- Task statement
Every record below should be written out exactly; pictures stay out.

[Extracted records]

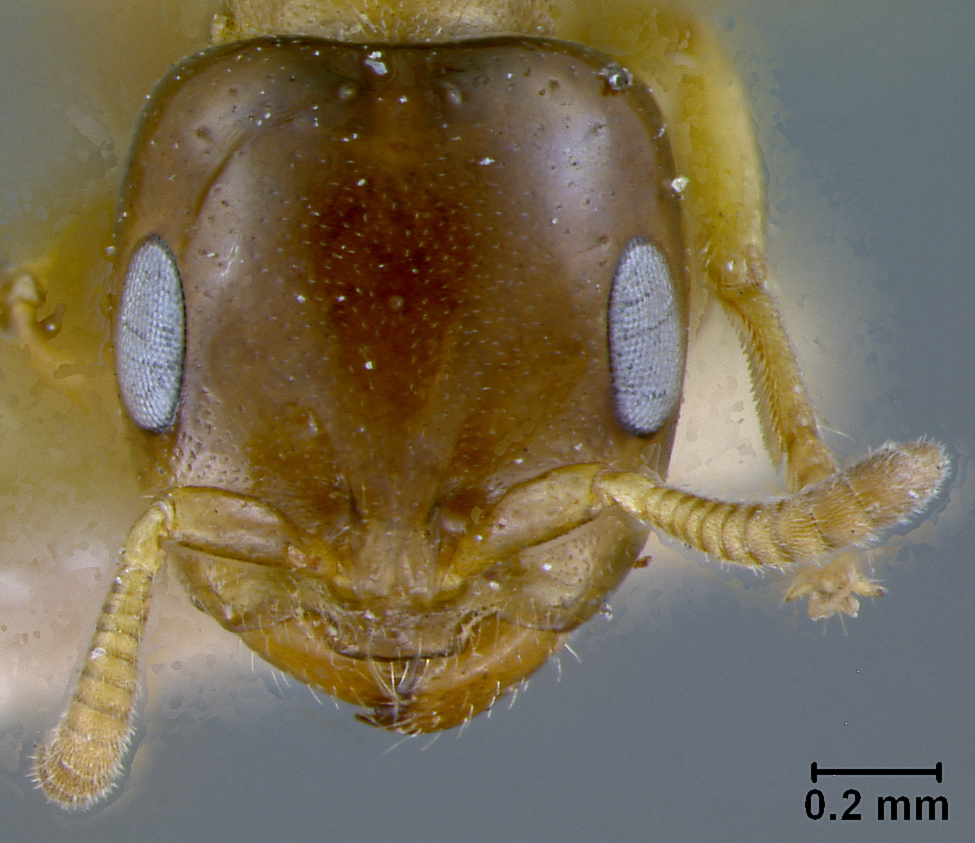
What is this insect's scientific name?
Pseudomyrma maligna
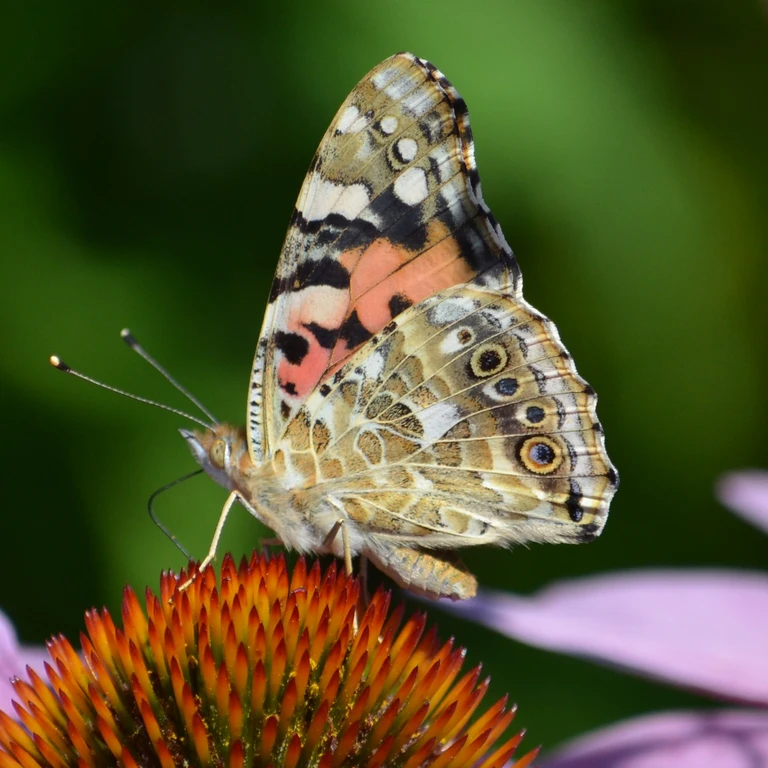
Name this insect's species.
Vanessa cardui
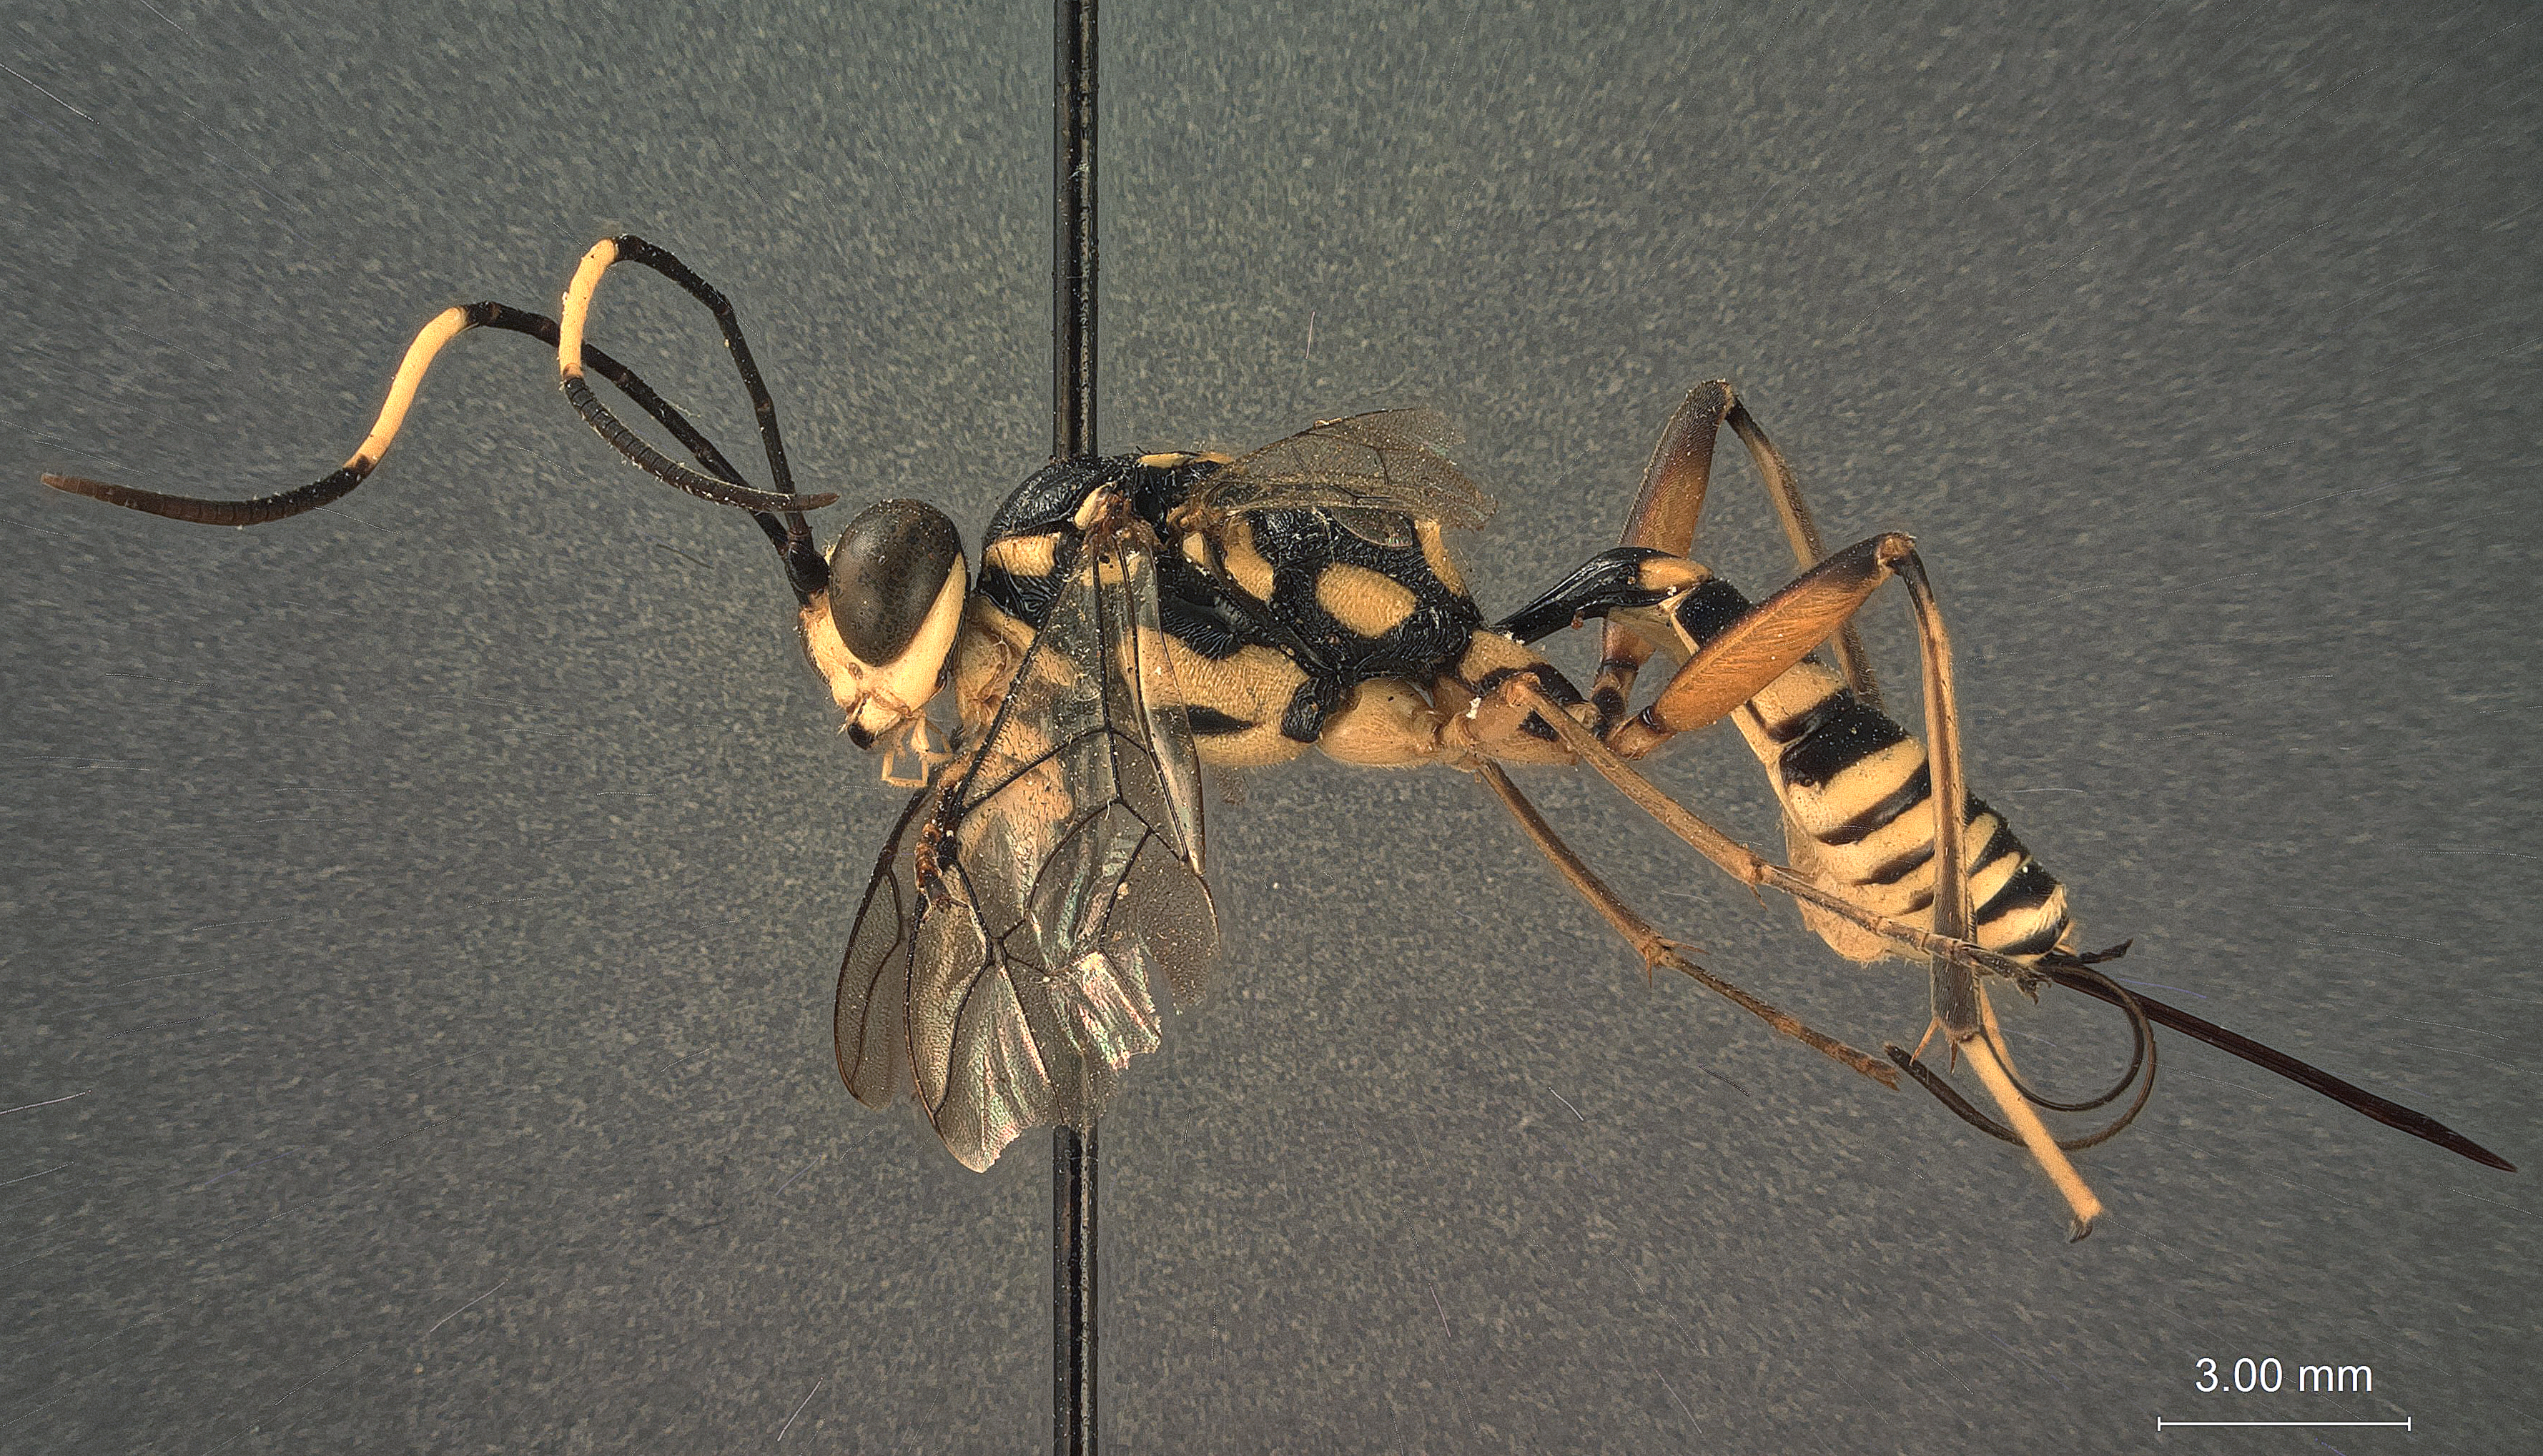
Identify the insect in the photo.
Mesostenoideus philippinensis

- Written response
What is this insect's scientific name?
Pseudomyrma maligna
Name this insect's species.
Vanessa cardui
Identify the insect in the photo.
Mesostenoideus philippinensis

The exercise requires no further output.